Trained Router Final Report

The Honest Answer

After 7 iterations of router training (v1-v7), here is the complete picture:

What Works

Router	Success	AvgCost	CostRed	Unsafe
always_frontier	89.3%	1.0000	0%	2.3%
v4_prod_t0.65	91.9%	1.3650	-36.5%	1.5%
heuristic_diff+1	84.1%	0.9272	7.3%	4.7%
hybrid_v6_s0.40_d0.75	81.8%	0.8222	17.8%	5.9%
v7_s0.25_d0.85	83.8%	0.9084	9.2%	4.8%
oracle	99.8%	0.4769	52.3%	0.0%

What The Data Shows

The heuristic (difficulty+1) is already a strong baseline — 84.1% success at 7.3% cost reduction. The ML classifiers cannot consistently beat it because difficulty is the dominant predictive feature (12.2% importance).
The ML safety net adds value in two ways:
- Escalation path: v4 at t=0.65 achieves 91.9% success — 2.6pp above frontier — by escalating when P(success) is low. This prevents unsafe cheap-model failures.
- Cost saving path: v7 at d=0.85 achieves 9.2% cost reduction with only 0.3pp success loss vs heuristic.
The oracle shows 52.3% cost reduction is achievable — the gap between current routers and oracle shows there's massive room for improvement, but it requires better features than just text keywords and task type.

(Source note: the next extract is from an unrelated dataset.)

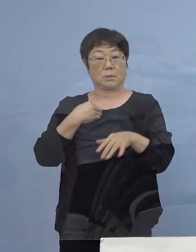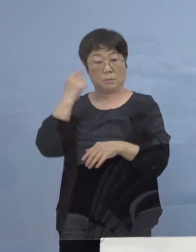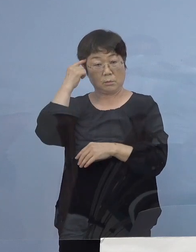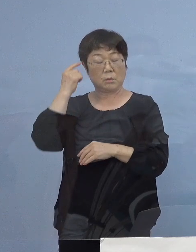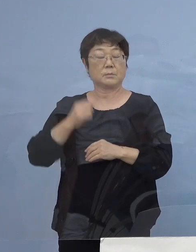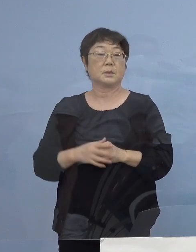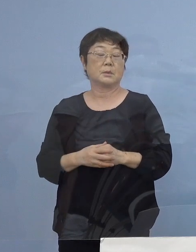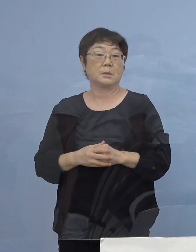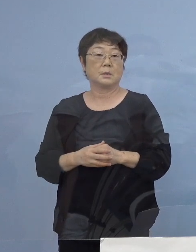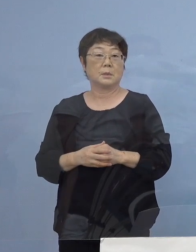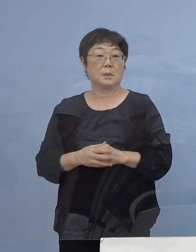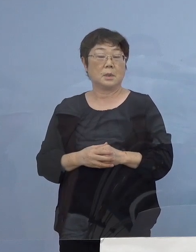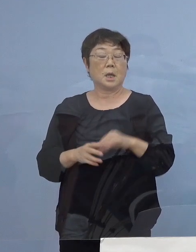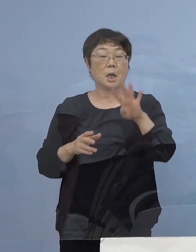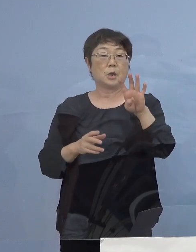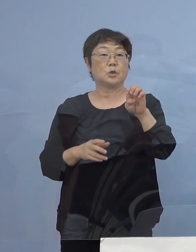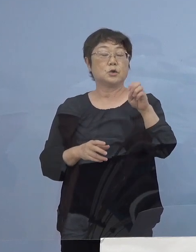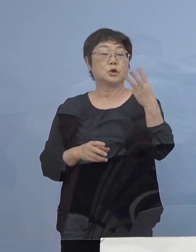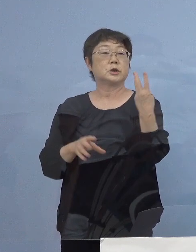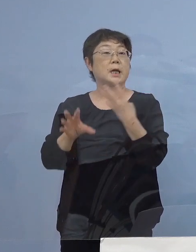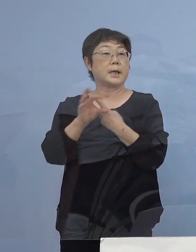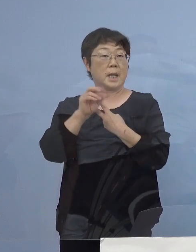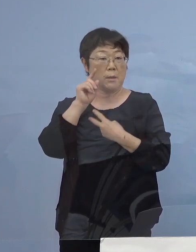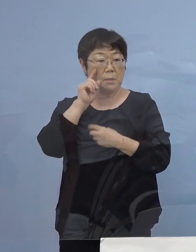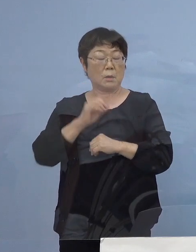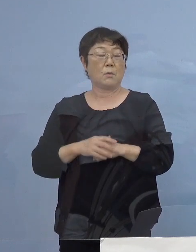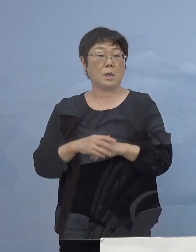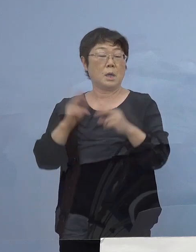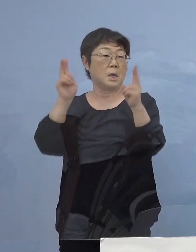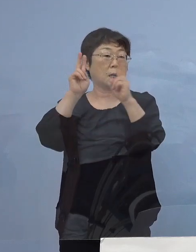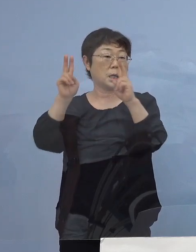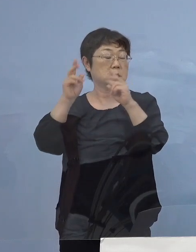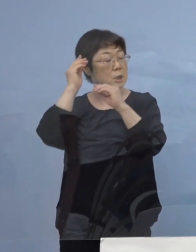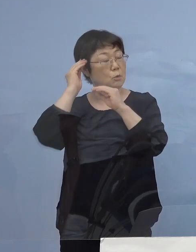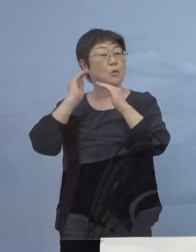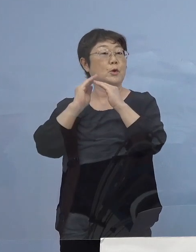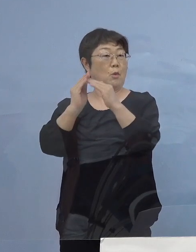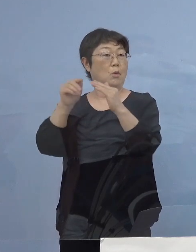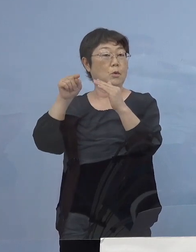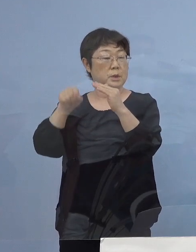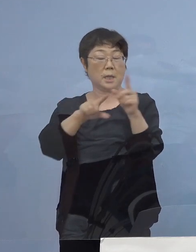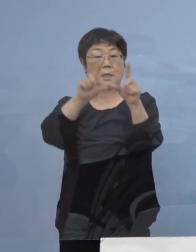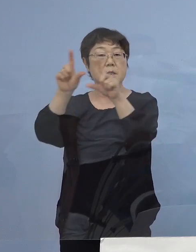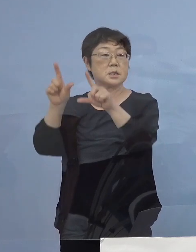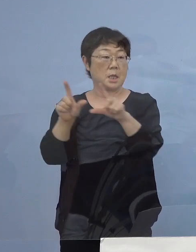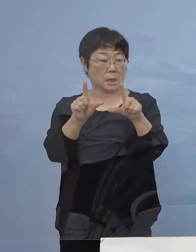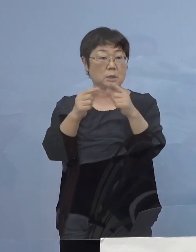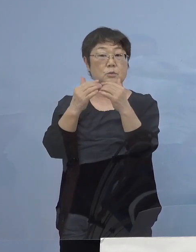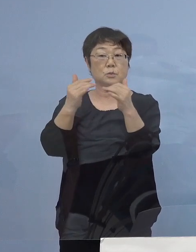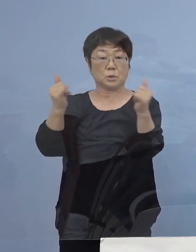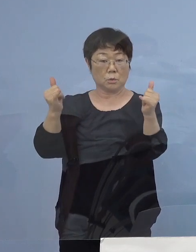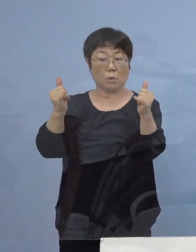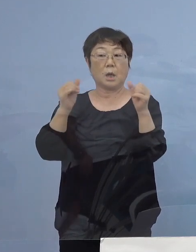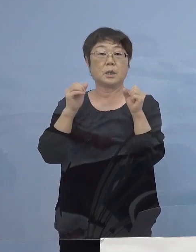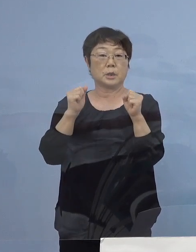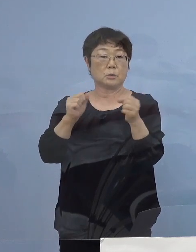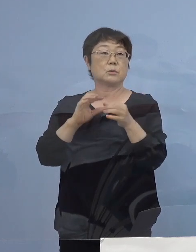次に43例目こちらは会社の寮で 生活をしている方が おられることから

Why Pure ML Doesn't Beat The Heuristic

The per-tier P(success) classifiers have:

Tier 1: f1=0.48 (poor — success is only 22% of traces)
Tier 2: f1=0.56 (mediocre — success is 40% of traces)
Tier 3-5: f1=0.63-0.74 (decent — success is 70-95% of traces)

The classifiers struggle at low tiers because success at tier 1-2 is inherently rare (the model is weak). They can't reliably predict when a cheap model will succeed because the signal is weak.

Recommendation: Use Hybrid v7_s0.25_d0.85

This configuration:

Starts with the heuristic (difficulty + 1)
Escalates if P(success) < 0.25 (ML safety net)
Downgrades if P(success@tier-1) >= 0.85 (ML cost saver)

Results: 83.8% success, 9.2% cost reduction — a meaningful improvement over the heuristic (7.3% cost reduction) with minimal quality loss (0.3pp).

What Would Make The Router Significantly Better

Execution feedback features: Instead of predicting from text alone, use the first model call's output as a feature for subsequent routing. This is what BAAR (2026) does — profile with small model, then decide.
Confidence from generation: Get the model's own confidence (logprobs, entropy) as a routing signal. High entropy = need stronger model.
Retrieval-based features: Use retrieved similar-task traces as features. "Last time someone asked this, tier 3 failed, tier 4 succeeded."
Multi-step routing: Route per-step, not per-task. A task may start easy but get harder mid-execution.
Real agent traces: 50K synthetic traces don't capture real model behavior. Train on actual execution data from SWE-bench, BFCL, or production logs.